Seebs wrote:
On 2010-11-05, Ethan Furman <et...@stoneleaf.us> wrote:
The verifiable benefit for me is ease of use, ease of thought, ease of typing... I realize these are not benefits for everyone, but they are for some -- and I would venture a guess that the ease of thought benefit is one of the primary reasons Python is popular. I am definitely one of those that think indentation based structure is one of Python's best features.

Could you explain more the "ease of thought" thing?  I haven't yet noticed
it, but it might be something to look out for as I get more experienced.
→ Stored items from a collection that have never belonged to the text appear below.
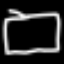
Label: square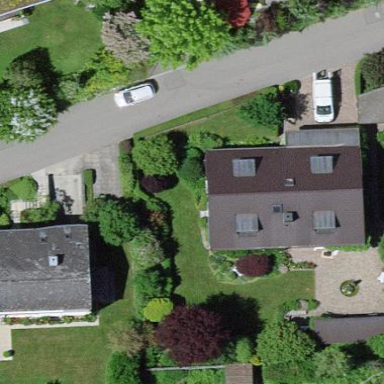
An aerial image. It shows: Residential building.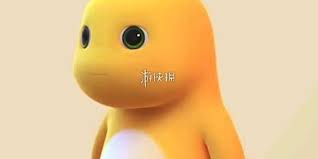
Label: nailong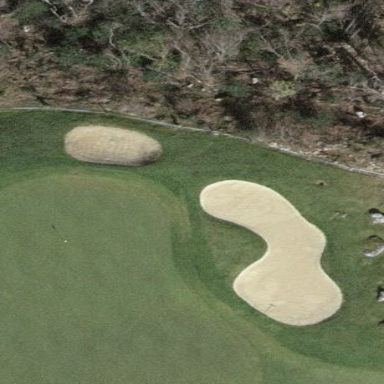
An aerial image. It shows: Golf bunker filled with natural sand.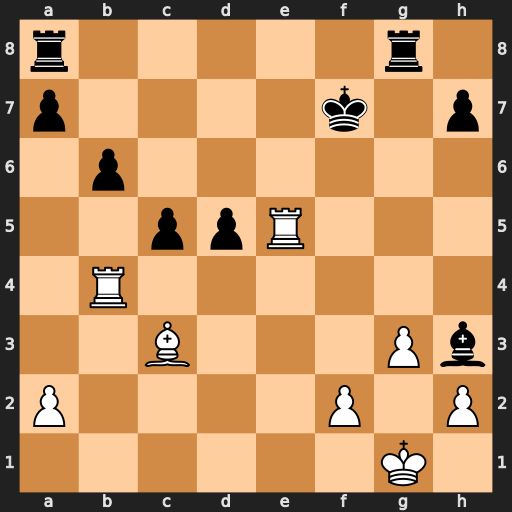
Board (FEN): r5r1/p4k1p/1p6/2ppR3/1R6/2B3Pb/P4P1P/6K1
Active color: w
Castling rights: -
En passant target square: -
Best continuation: Rf4+ Kg6 Rxd5 Raf8 Rd6+

Most if my programming experience is in FoxPro versions 2 and 6. Control structures start with if, for, do case, do while, with, procedure, and (I think) function. Control structures end with endif, endfor, endcase, endwhile, endwith, endproc, and (I think) endfunc.

In Python, control structures start with if, for, while, try, def, and class, and each one ends with a dedent.

This really comes into play when developing -- want to change that if to a while? Go ahead! And no need to worry about tracking down the closing endif to change it to endwhile, plus it's less clutter on the screen.

I also really like the dynamic typing and not having to declare nor pre-initialize variable names, as well as the lack of a true global namespace.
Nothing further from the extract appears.